### What is being asked
Pictures in the listing should not be copied. Reproduce, word for word, each line from the one holding "second land cover: Nurseries" through the final line.

+-------+

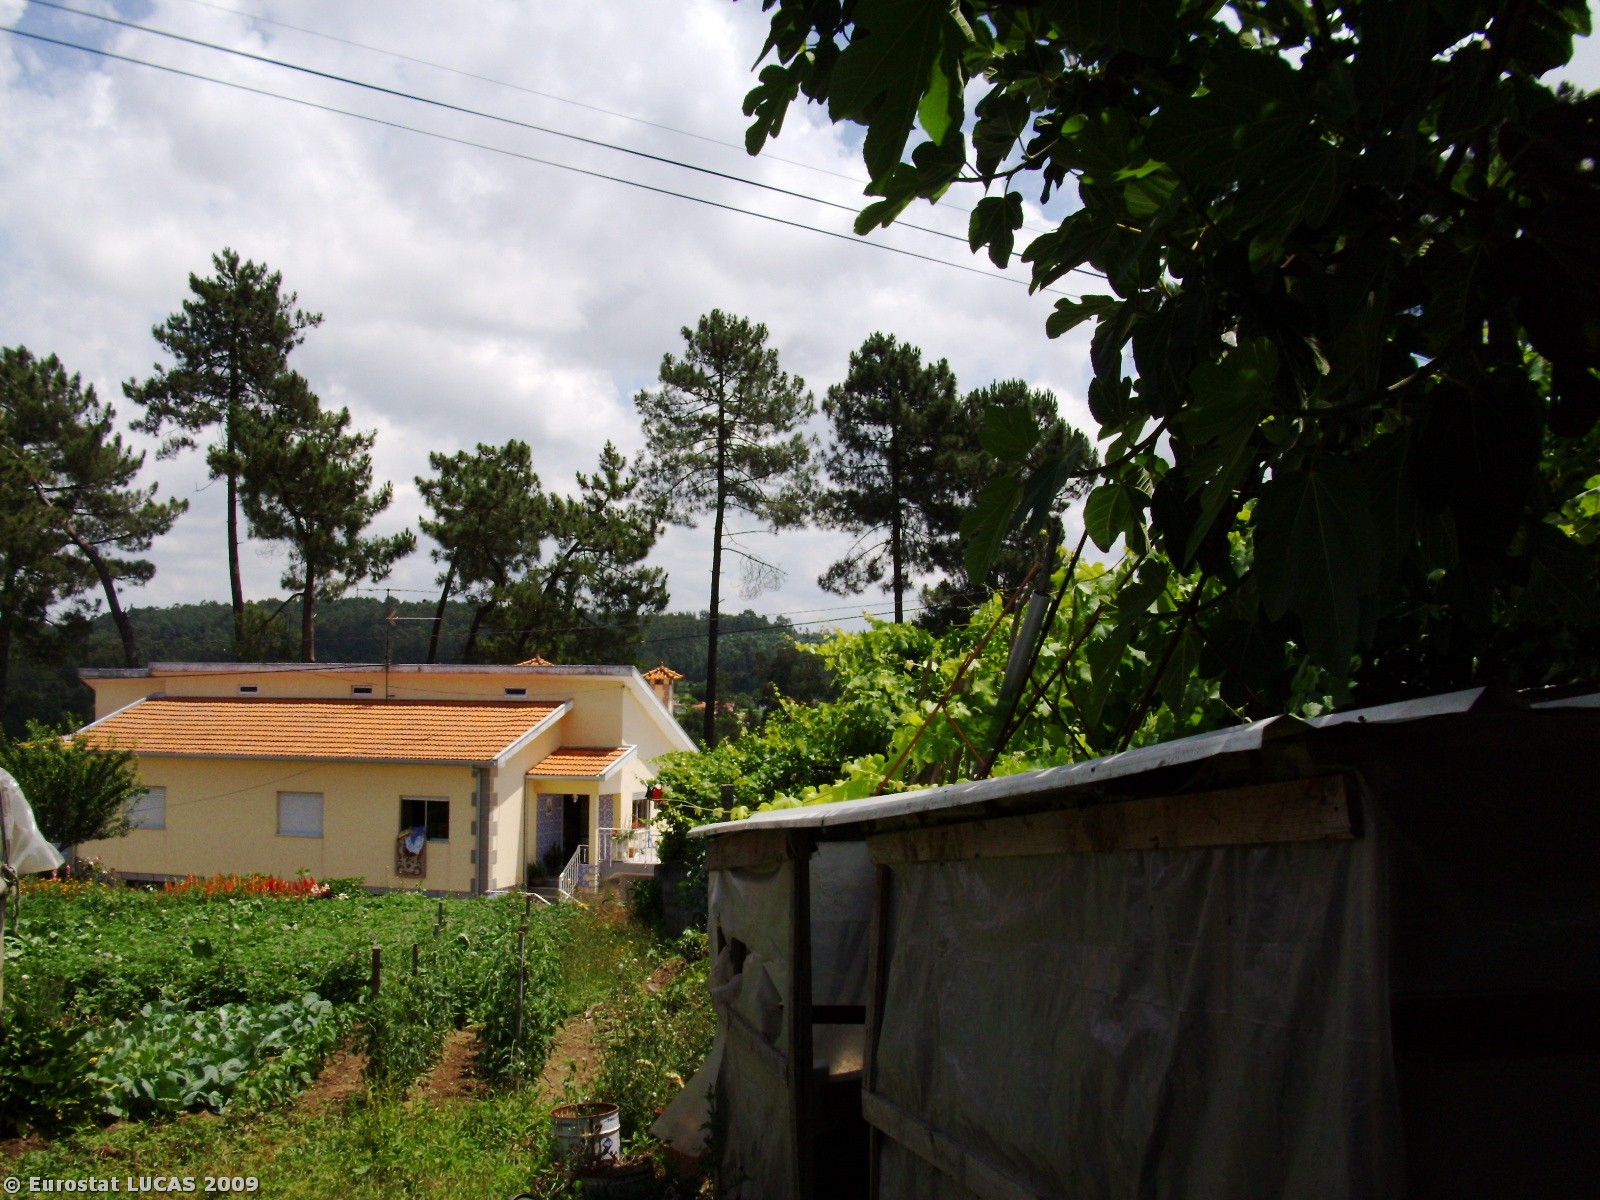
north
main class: Artificial land
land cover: Greenhouses
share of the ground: 25 - 50 %
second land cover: Nurseries
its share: 25 - 50 %
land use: Kitchen garden
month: June
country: PT
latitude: 41.4923
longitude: -8.5674
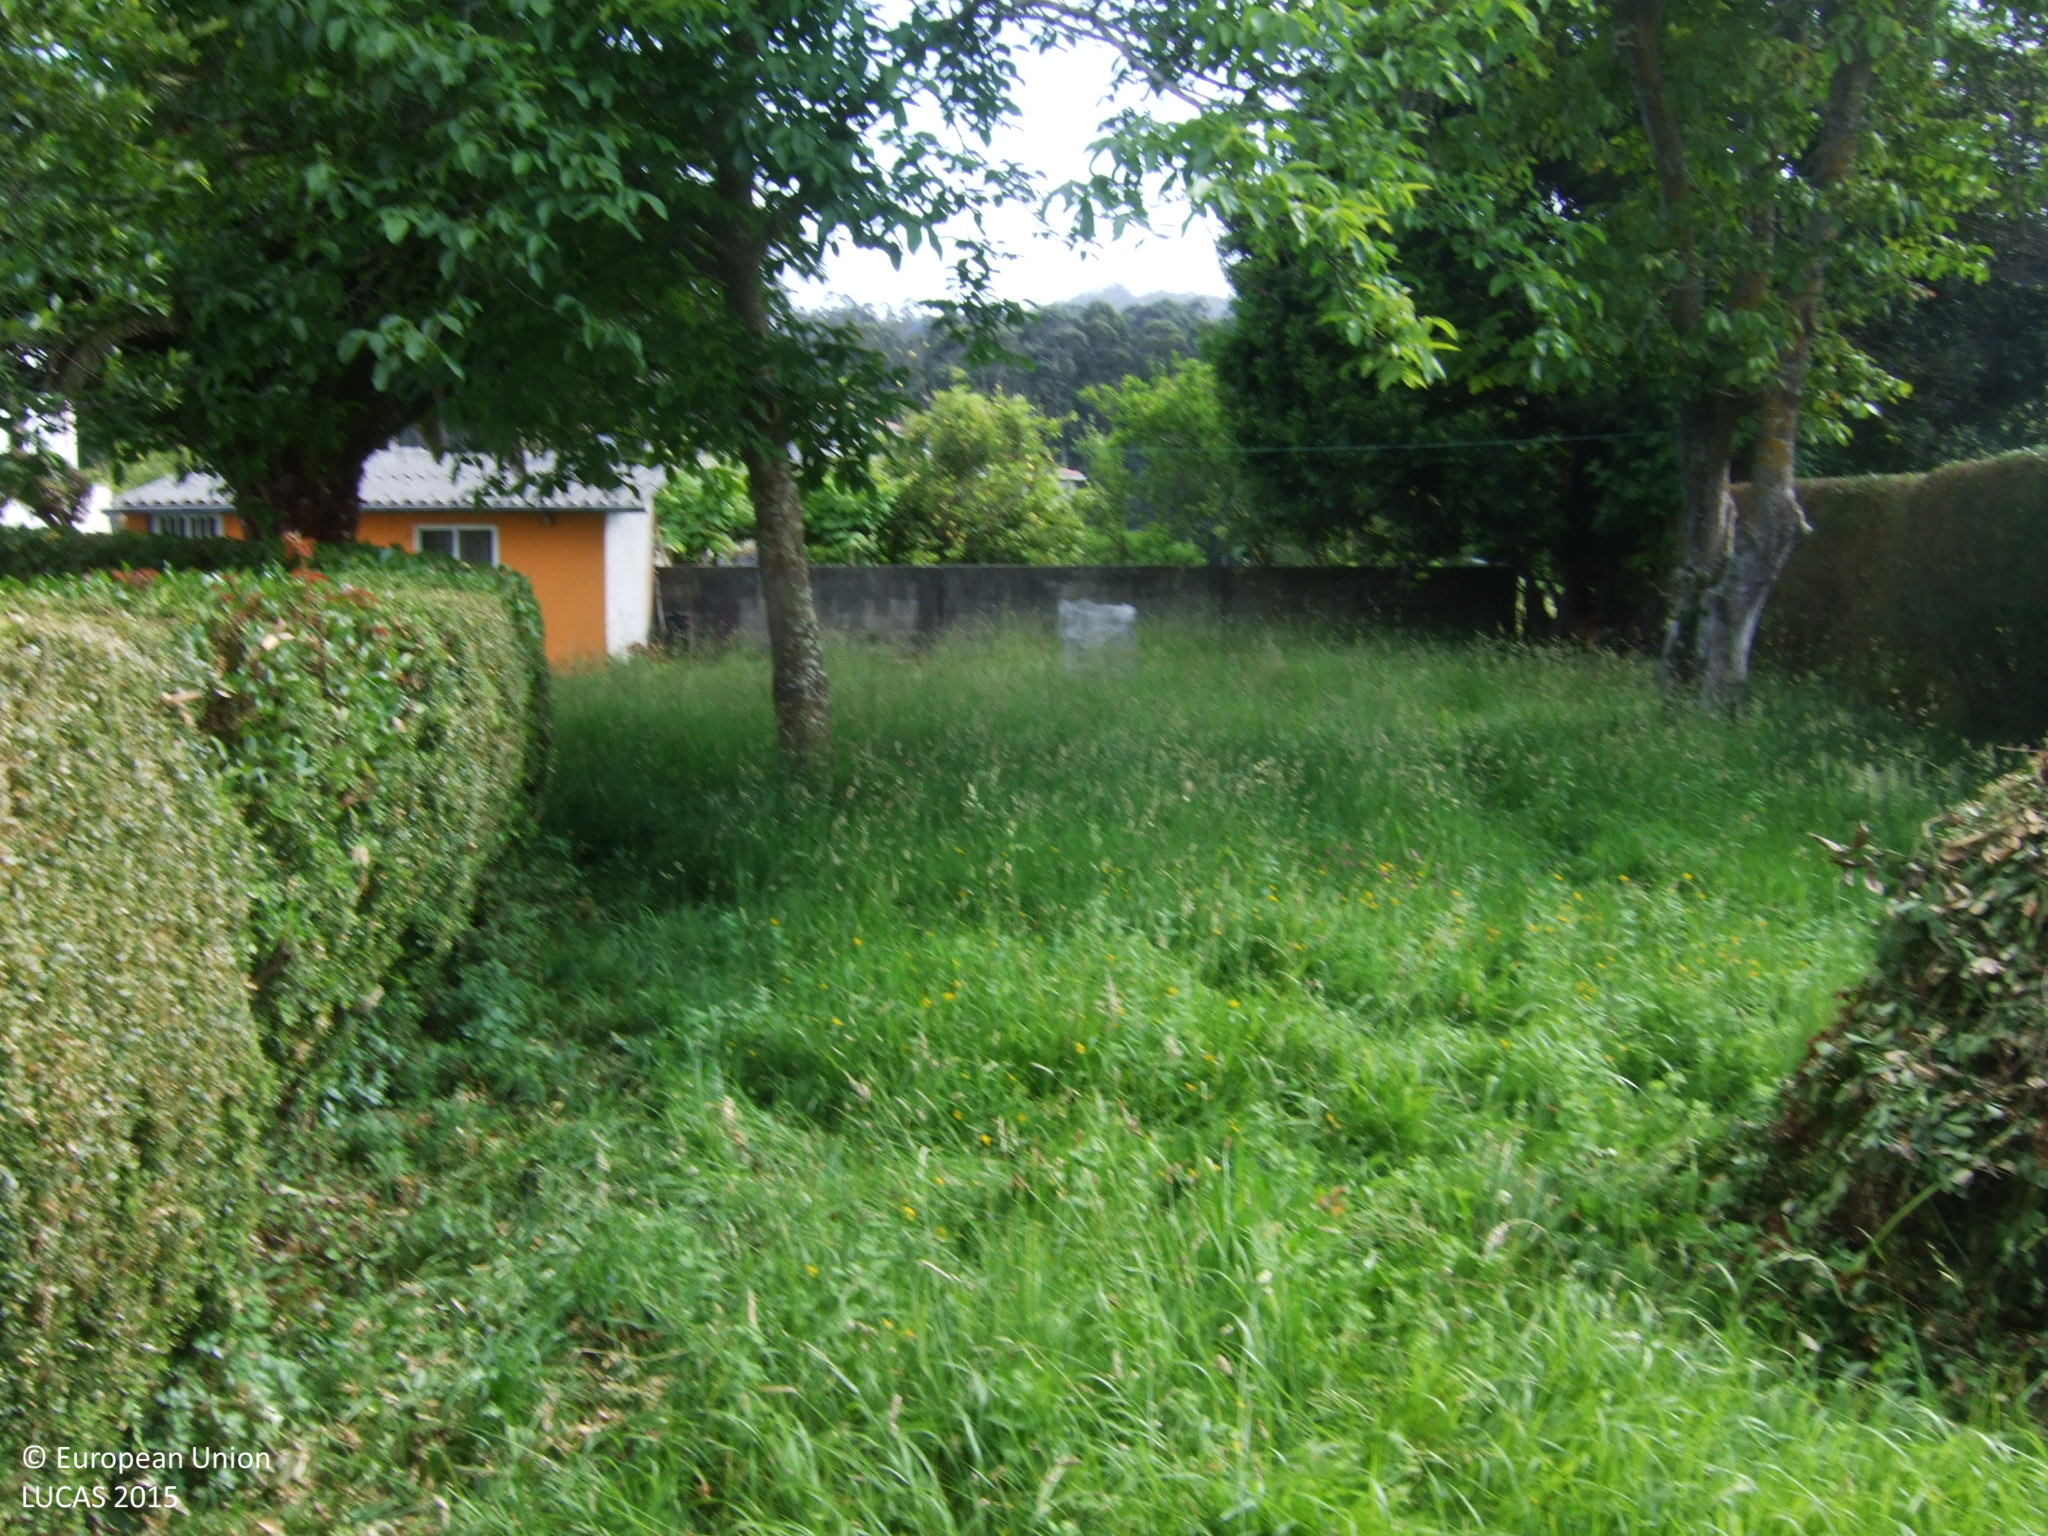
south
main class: Grassland
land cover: Grassland without tree/shrub cover
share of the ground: > 75 %
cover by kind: herbaceous plants 100 %
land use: Agriculture (excluding fallow land and kitchen gardens)
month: June
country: ES
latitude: 43.6945
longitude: -7.6189

+-------+

### Solution
second land cover: Nurseries
its share: 25 - 50 %
land use: Kitchen garden
month: June
country: PT
latitude: 41.4923
longitude: -8.5674
south
main class: Grassland
land cover: Grassland without tree/shrub cover
share of the ground: > 75 %
cover by kind: herbaceous plants 100 %
land use: Agriculture (excluding fallow land and kitchen gardens)
month: June
country: ES
latitude: 43.6945
longitude: -7.6189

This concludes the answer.